The FTC hasn't responded publicly to Ryan's letter, and no investigation has been announced. Under the current administration, aggressive antitrust enforcement in a niche market like card grading is far from guaranteed. But the pressure is building from multiple directions.

CGC's parent company reported an uptick in submissions since the Beckett deal. CEO Steve Eichenbaum told The Athletic that CGC's sports card volumes tripled in 2025, with TCG volumes doubling to a combined total of about 5 million cards graded. "We're not letting our foot off the gas," he said.

For collectors, the practical question isn't whether this is a legal monopoly — it's whether you're getting squeezed. PSA's Value Bulk went from $18 to $24.99 in less than a year. Turnaround times have doubled at some tiers. And if SGC's trajectory is any guide, don't expect Beckett to stay competitive for long under the Collectors umbrella.

Our Take

Collectors Holdings has built a textbook monopoly.
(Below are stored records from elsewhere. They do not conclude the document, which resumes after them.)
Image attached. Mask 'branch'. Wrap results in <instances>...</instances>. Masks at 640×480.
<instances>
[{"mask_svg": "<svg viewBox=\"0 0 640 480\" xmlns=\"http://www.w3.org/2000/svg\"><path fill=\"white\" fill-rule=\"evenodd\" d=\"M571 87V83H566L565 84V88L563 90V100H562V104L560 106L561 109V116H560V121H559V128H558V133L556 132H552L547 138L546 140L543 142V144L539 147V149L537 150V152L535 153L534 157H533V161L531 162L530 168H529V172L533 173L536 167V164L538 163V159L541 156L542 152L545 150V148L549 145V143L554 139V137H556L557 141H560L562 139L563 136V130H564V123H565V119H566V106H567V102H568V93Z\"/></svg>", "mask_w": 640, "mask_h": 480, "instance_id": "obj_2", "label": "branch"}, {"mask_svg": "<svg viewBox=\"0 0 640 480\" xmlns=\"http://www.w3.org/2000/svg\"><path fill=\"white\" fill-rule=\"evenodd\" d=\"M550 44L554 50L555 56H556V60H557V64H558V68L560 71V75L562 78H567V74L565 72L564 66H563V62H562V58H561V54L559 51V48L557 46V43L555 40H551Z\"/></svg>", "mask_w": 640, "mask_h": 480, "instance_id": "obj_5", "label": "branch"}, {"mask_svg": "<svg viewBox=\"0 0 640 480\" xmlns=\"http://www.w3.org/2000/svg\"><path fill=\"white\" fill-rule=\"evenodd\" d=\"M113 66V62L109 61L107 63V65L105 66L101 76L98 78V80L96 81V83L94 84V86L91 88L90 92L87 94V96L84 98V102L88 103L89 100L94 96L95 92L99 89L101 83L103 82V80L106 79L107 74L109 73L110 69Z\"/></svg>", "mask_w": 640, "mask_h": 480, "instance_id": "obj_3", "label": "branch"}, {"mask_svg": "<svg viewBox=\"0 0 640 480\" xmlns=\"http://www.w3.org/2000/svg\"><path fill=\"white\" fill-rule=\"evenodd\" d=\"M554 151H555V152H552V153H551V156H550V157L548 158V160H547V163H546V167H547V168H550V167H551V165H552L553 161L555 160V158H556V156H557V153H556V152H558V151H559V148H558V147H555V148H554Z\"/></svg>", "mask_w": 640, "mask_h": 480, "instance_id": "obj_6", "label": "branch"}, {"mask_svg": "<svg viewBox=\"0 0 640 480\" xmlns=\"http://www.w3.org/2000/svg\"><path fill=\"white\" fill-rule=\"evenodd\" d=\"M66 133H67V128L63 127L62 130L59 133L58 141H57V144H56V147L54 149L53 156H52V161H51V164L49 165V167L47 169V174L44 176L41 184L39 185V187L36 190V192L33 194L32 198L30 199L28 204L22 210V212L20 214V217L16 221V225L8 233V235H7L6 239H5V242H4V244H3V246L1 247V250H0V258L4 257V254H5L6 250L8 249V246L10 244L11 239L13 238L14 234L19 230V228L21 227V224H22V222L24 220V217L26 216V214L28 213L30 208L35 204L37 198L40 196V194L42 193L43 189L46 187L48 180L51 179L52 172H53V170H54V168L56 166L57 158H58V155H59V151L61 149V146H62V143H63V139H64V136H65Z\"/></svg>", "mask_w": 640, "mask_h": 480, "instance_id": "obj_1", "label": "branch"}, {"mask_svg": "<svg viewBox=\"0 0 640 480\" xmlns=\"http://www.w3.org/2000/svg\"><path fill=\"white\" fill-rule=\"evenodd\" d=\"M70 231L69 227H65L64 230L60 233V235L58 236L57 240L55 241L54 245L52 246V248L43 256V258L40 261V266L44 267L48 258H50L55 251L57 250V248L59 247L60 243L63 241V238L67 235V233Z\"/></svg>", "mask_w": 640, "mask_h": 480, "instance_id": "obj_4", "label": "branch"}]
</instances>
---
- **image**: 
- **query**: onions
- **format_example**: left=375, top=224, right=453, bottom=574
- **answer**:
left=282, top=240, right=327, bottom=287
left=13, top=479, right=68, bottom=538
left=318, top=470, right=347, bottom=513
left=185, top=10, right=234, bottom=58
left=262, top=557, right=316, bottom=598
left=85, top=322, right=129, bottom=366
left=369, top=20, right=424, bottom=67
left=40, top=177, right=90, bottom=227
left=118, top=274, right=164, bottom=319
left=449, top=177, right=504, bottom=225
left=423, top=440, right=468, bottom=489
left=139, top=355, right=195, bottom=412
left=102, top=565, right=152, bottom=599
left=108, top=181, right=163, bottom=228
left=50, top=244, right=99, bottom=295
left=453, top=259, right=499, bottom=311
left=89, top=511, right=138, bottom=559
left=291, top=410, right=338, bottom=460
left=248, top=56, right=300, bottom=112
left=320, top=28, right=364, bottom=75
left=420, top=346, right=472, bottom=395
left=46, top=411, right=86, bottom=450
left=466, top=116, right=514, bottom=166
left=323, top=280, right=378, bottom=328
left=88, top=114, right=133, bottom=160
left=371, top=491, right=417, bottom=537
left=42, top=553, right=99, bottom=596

Owning three of four major graders while also controlling pricing data through CardLadder and facilitating card sales on eBay creates the kind of vertical integration that antitrust law was designed to address. The SGC story alone should be enough to raise alarms — promises of independence followed by gutted staff, killed discounts, and volume that fell off a cliff.

Whether the FTC acts is a political question. Whether collectors should act is not. Every submission to PSA right now reinforces a pricing structure that has nowhere to go but up. CGC and TAG exist. Use them. The market only changes when wallets do.

What Collectors Are Saying

This is a monopoly at this point. What's next, they acquire CGC?

r/psagrading

FTC needs to break up this monopoly, and the Fanatics/Topps monopoly. The hobby was so much better when there were multiple companies making cards, and multiple ways to grade and store cards.

r/footballcards

Part of the reason I collect is because it's one of the last few activities that's mostly informed by regular people. Now, corporate monopoly manipulation nonsense which will eventually disadvantage retail collectors.

r/PokemonTCG

Feb 2026, again increasing TAT and price. That is two increases in a row with no substantial benefit to customers. And with all this going, we all kind of guess the main reason... 80% chance is cause of the BGS bought over.

r/psagrading

PSA graded cards already command a premium compared to the lesser-known graders. So unless there's a massive shift to something not owned by Collectors Holdings, the monopoly will remain without some sort of government intervention.

r/footballcards

The grading market is at a crossroads. If the FTC investigates, it could reshape how cards are graded, priced, and sold for years. If it doesn't, collectors will need to decide whether PSA's premium is worth funding a company that's buying up every alternative. Check PullRate's grading guides to compare current pricing and turnaround times across all major grading companies.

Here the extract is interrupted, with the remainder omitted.